It is not only their economic sovereignty that states have
lost to corporations but also their power to safeguard their culture,
their eco-system and the health of their population. It has
been noted in an earlier section that electronic information is tearing
down cultural diversity and replacing it with sex, violence
and fast food which are American corporation products on the main.
We have also seen in connection with risk how the
eco-system, food and life are being poisoned mainly by the activities of
corporations. States appear to be powerless to do anything
about these developments.
There is general consensus that states have lost a good deal
of power to corporations. However, some, and these tend to be
people on the right, underplay the importance of these
developments and emphasise those powers which states have retained.

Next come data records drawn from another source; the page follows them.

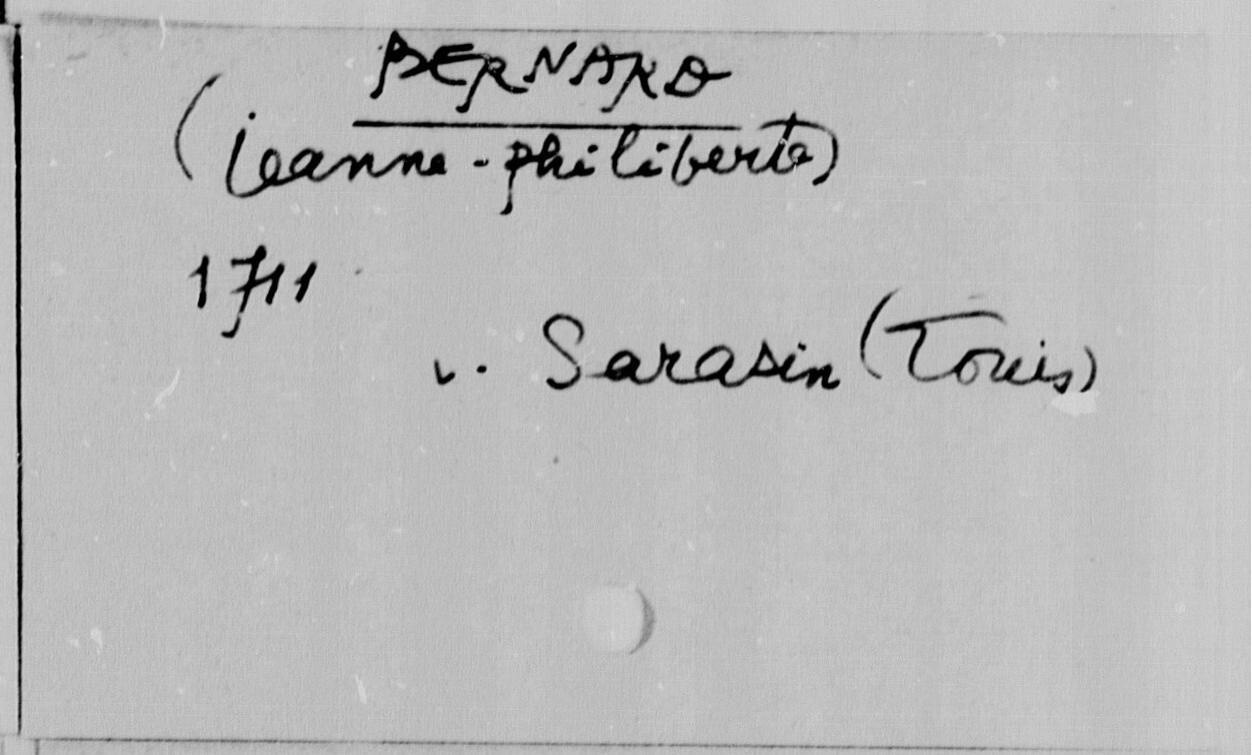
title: BERNARD (Jeanne-Philiberte)
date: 1711
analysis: Voir SARASIN (Louis)

They argue that governmens still have control over a level
of trade, taxation and implementation of domestic policies. They also
argue that liberalisation or deregulation enable states,
particularly the poor ones, to attract foreign investment, skill and
technology and in this way develop quickly. Whether the
threshhold is reversed and corporations have become more powerful
than states or not will continue to be a matter of debate
for sometime to come.
The power of multinationals over third world states like
Ethiopia is even more daunting. Capital is no longer being transferred to the
Third World by public so much as private investors. This renders the poor
states dependent on corporations for foreign
investment and transfer of technology.
In some of the smaller countries, multinationals have taken
control of the economy, or huge chunks of it, so that the people
either work for it or they are unemployed. In the so-called
banana republics, for example, it is corporations that dictate the
system of agriculture.
By contrast, what is conspicuous about the "coffee
republic" of Ethiopia, which is dependent on peasants to produce that
beverage, is its failure to attract an appreciably sizable
amount of foreign investment. To that extent, the state is probably more
independent than the Banana Republics from being over-ruled
by corporations. This is achieved, nonetheless, at the expense of
being starved of private foreign investment, skill and technology.